Flyers were made and posted all around the Zurn building and posts were made on social media to advertise this event.

“Our campus is so beautiful and always filled with so much color and flowers that seeing trash just laying around amidst this beauty only degraded our reputation,” Gonter said when asked why she chose to host this event on campus.

Despite the cold and undesirable weather, a group of students showed their support and gathered in the Student Union to receive their assigned areas on campus to cleanup.

Divided into teams of two or three, the students set out to pick up any trash that was found in their designated areas.

Items such as cigarette butts, bottles, cans, plastic utensils and candy wrappers were among the common trash found.

The students were encouraged to keep count and categorize each item they collected into plastics, metals, glass, or other.

Gonter and Mohan also provided both regular trash bags and recycling bags so that participants could appropriately dispose of each piece of trash collected.

Participants were given a briefing on which items would be recyclable and of particular interest was in the plastics category.

In the state of Pennsylvania only plastic bottles, jars and jugs that are #1 and #2 can be recycled.

These numbers are resin identification codes that correlate to the types of plastics that Material Recover Facilities (MRFs) will accept in order to convert them into another usable form.

The claim as to the exclusion of plastics #3 through #7 is that plastic markets are looking for better quality plastic which they do not deem to be in these categories.
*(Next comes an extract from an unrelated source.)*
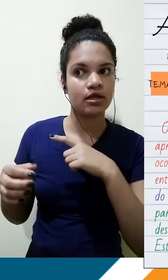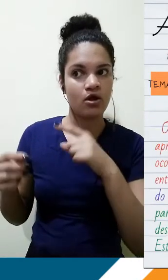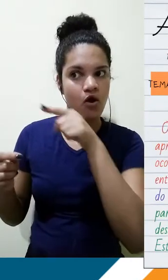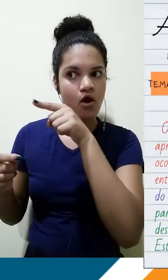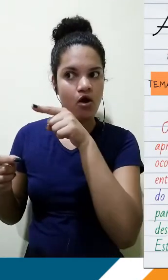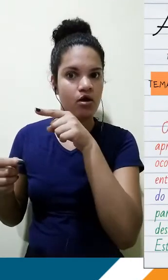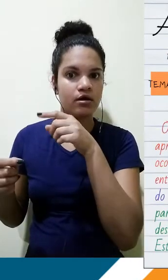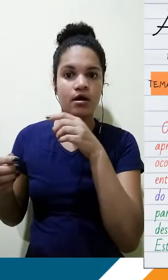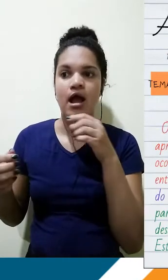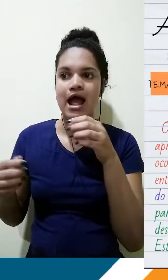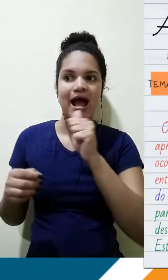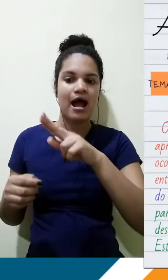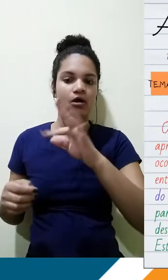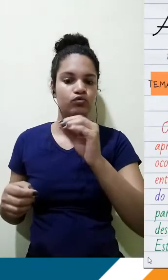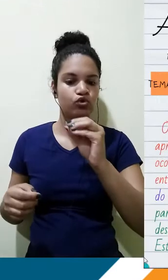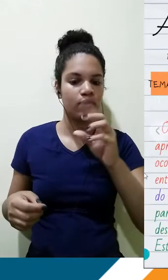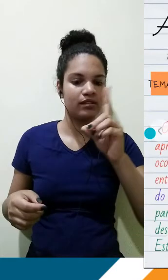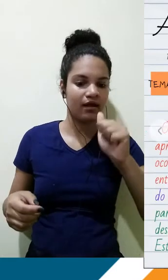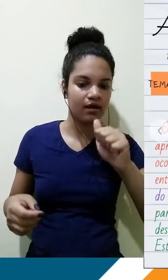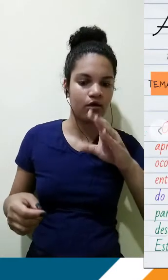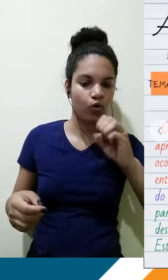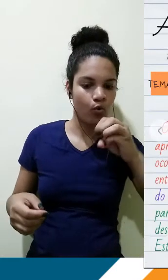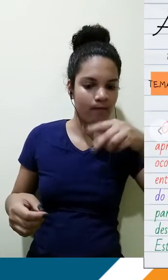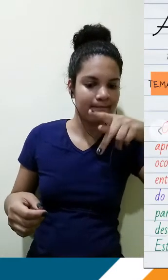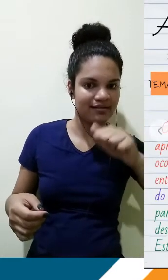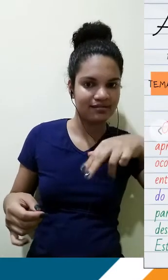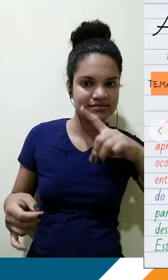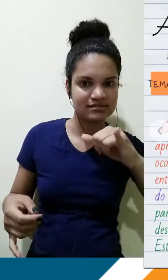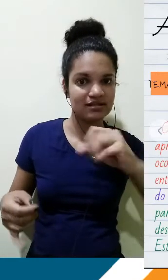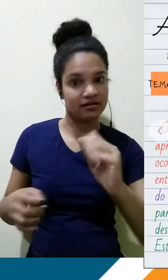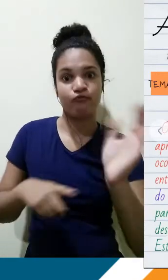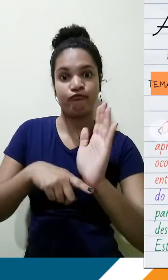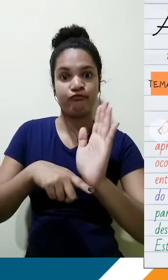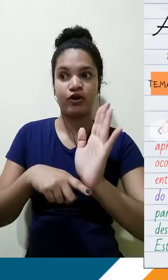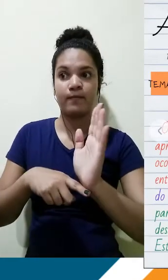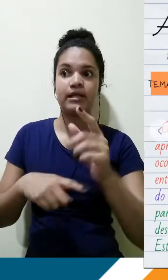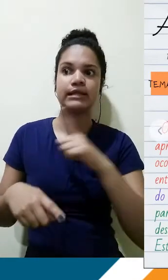ficou muito bem articulado. Além de ter aqui a contextualização, que a explicação do filme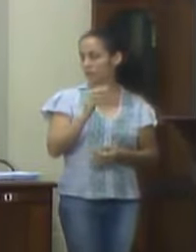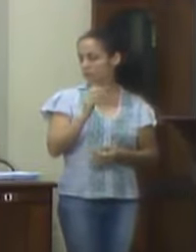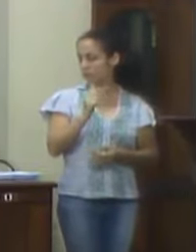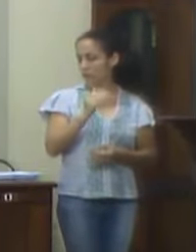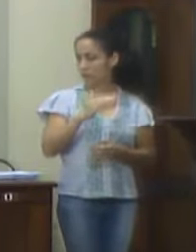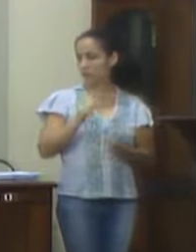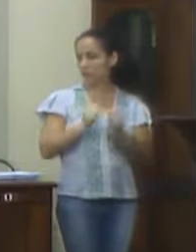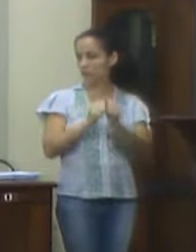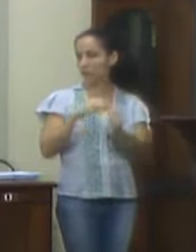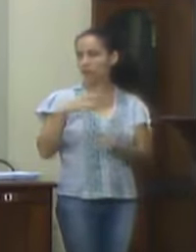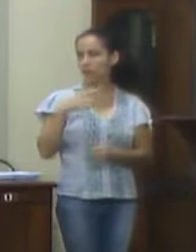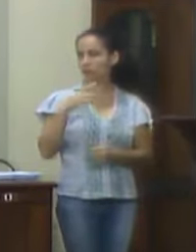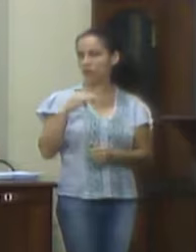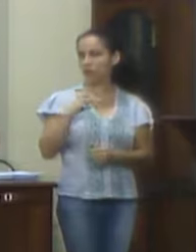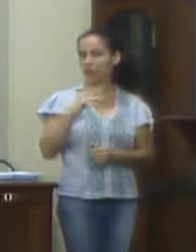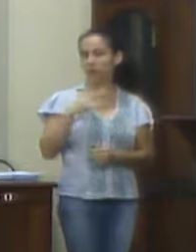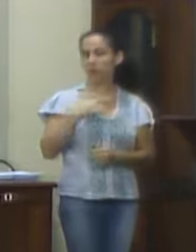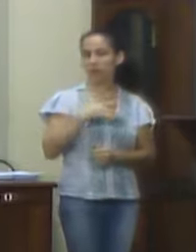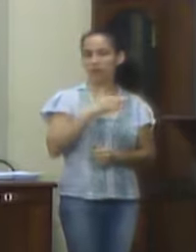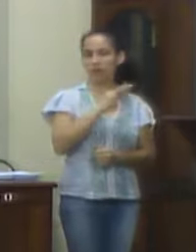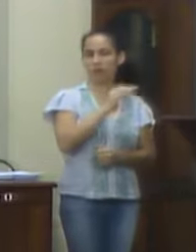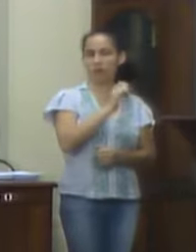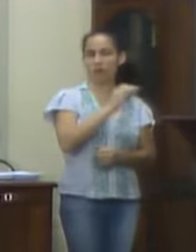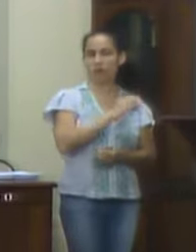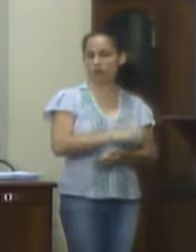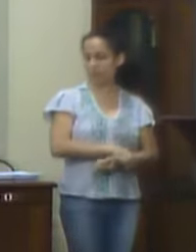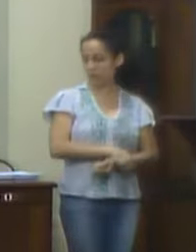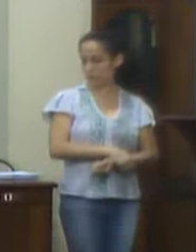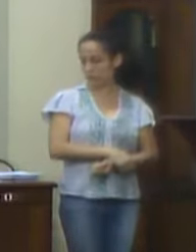vereadores Marquinhos da Saúde e Fábio Antônio Pires Jorge.

Reducing pollution is imperative for the environment’s health as well as for human health. Creating a space that is free of pollutants allows students and faculty to enjoy the fresh air and observe the beauty in nature that is embedded within the Mercyhurst Campus.

Additionally, ensuring that grass areas are free of trash helps preserve nature resources and keep the soil, and all the things living in it, healthy.

This becomes an attractive site for animals to make their home, which will increase biodiversity around campus and in the surrounding Erie community.

Cleaning up trash is not solely to make the environment look better, it really does create a healthy habitat for all living creatures.

Gonter provides her closing remarks about this event, saying “sustainability is not just something to recognize on days that have a label (Earth Day for example), but instead, every day. Sustainability is what’s going to allow our community to continue to grow in the future”.